Rule 66.Receivers
Current through January 1, 2025 · Last verified July 8, 2026
Full Text of Rule 66
Amendment History
The current West Virginia Rules of Civil Procedure took effect January 1, 2025, as part of a rewrite that modernized the rules’ numbering and structure. West Virginia does not publish a per-rule amendment history inside the compiled rules text reproduced here. The text above is verified current through the source’s own January 1, 2025 update; for the underlying adopting order and any later amendments, see the West Virginia Judiciary’s compiled rules page.
Plain-English Summary
Once a court appoints a receiver to take control of property or a business caught up in litigation, the case can't disappear on its own — Rule 66 says an action with a receiver in place can't be dismissed except by court order. Beyond that protection, the rule doesn't invent a whole separate receivership code: the practice around appointing receivers and how they administer estates follows whatever practice West Virginia already follows, while everything else about the action — pleading, motions, discovery — runs under these ordinary civil procedure rules.

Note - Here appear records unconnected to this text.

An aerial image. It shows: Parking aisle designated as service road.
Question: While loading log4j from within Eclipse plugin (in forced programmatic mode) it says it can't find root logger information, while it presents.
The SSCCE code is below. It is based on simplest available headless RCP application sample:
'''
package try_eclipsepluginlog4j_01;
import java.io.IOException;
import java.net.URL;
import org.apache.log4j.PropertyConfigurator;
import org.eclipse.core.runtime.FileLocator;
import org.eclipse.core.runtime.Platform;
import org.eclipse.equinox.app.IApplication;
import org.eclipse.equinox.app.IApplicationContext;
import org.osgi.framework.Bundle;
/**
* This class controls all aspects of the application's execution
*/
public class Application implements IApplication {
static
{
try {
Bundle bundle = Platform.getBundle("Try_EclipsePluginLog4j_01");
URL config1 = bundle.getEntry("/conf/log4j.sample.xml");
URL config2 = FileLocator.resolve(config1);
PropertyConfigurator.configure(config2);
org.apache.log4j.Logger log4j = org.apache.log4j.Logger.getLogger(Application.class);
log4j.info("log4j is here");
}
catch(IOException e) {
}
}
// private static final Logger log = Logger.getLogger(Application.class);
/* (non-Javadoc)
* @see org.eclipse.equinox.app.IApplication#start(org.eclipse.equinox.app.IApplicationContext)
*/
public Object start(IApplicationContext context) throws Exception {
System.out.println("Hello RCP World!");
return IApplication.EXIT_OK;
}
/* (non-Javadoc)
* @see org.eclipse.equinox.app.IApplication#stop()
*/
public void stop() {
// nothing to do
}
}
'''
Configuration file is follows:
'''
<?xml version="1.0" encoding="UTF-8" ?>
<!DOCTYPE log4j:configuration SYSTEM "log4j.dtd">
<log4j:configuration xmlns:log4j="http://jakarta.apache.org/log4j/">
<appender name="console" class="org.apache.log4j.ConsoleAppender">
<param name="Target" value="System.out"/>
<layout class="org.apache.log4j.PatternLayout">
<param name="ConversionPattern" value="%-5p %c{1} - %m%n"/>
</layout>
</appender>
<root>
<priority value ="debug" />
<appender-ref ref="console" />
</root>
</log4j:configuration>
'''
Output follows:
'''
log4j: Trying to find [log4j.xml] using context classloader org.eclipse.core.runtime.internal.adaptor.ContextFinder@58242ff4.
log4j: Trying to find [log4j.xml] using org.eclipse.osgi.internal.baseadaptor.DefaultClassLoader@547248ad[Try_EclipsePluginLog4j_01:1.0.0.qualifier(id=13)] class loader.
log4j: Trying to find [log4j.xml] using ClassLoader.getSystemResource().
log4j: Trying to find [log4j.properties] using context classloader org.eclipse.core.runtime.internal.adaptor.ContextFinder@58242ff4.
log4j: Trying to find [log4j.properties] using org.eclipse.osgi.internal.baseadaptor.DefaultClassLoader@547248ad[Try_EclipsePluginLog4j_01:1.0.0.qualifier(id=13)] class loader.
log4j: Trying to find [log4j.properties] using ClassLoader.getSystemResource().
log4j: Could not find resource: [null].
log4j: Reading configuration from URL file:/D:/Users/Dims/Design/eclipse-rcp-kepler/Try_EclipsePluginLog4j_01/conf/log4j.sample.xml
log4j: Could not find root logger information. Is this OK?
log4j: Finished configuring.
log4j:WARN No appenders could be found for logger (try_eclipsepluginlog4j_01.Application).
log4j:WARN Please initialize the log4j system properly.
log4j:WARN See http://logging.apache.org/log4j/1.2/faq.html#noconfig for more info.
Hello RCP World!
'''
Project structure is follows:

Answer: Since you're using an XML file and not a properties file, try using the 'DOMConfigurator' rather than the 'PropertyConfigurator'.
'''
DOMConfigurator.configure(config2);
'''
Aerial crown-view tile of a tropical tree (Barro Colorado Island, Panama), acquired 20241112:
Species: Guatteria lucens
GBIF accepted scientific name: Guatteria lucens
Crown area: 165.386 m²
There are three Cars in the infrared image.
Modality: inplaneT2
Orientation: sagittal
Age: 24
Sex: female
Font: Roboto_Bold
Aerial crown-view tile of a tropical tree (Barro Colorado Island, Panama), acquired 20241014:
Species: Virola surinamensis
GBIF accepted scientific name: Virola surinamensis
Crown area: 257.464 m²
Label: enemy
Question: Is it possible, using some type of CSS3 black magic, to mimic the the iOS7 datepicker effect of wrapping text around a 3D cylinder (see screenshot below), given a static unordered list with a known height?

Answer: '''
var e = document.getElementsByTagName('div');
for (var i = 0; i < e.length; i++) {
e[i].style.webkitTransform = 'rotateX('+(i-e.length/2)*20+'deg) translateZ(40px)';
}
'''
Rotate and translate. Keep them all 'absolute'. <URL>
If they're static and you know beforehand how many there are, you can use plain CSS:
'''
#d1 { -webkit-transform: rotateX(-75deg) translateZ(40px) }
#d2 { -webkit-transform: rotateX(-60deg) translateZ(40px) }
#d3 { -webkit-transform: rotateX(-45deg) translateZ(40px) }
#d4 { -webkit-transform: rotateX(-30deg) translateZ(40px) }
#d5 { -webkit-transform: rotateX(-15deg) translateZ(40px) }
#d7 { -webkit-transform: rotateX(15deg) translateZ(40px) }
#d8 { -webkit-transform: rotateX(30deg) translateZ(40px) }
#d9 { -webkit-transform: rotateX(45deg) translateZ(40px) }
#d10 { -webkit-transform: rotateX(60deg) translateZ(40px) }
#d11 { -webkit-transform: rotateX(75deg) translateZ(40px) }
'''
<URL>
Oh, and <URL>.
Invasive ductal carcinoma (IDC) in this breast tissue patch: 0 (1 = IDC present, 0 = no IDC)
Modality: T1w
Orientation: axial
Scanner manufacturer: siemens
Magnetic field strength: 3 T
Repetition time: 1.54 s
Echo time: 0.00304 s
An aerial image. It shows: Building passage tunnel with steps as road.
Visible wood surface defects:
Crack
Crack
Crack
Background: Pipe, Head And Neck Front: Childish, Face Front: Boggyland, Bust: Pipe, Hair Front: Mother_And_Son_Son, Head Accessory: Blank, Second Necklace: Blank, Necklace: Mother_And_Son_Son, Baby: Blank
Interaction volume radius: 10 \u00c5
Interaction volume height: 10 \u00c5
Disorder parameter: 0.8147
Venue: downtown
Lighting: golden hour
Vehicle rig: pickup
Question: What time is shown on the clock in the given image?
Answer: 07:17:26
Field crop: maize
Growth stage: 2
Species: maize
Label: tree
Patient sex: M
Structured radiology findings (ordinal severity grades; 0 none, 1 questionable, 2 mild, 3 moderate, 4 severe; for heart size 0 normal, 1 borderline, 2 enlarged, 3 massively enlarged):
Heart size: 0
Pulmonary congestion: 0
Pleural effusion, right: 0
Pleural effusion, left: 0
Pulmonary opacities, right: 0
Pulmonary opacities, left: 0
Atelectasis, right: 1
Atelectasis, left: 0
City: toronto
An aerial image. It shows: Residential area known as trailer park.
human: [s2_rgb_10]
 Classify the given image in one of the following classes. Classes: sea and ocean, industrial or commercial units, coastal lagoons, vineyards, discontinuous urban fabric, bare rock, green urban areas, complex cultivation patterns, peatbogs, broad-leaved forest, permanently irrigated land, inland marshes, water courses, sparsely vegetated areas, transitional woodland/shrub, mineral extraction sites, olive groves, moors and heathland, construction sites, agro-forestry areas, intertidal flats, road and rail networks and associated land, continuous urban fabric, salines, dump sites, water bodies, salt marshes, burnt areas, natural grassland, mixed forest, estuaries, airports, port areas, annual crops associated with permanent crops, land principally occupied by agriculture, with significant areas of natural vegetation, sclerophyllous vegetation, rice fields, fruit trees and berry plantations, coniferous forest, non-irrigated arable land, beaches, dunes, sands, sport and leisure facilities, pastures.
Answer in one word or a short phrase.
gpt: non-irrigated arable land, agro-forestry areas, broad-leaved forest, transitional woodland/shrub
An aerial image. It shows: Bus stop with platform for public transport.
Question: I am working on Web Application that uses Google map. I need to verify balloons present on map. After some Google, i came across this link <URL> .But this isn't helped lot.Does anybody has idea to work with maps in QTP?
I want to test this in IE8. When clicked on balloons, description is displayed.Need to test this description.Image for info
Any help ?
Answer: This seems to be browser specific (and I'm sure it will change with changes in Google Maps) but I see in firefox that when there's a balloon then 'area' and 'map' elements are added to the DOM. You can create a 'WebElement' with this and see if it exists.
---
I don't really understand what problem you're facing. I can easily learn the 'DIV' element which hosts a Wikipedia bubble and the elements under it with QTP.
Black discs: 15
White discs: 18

Frequently Asked Questions
Can a case with a court-appointed receiver be dismissed like any other case?
No. Rule 66 requires a court order to dismiss an action in which a receiver has been appointed.
What rules govern how a receiver administers an estate?
The practice already followed in West Virginia for appointing receivers and administering estates through them, not a separate procedure created by this rule.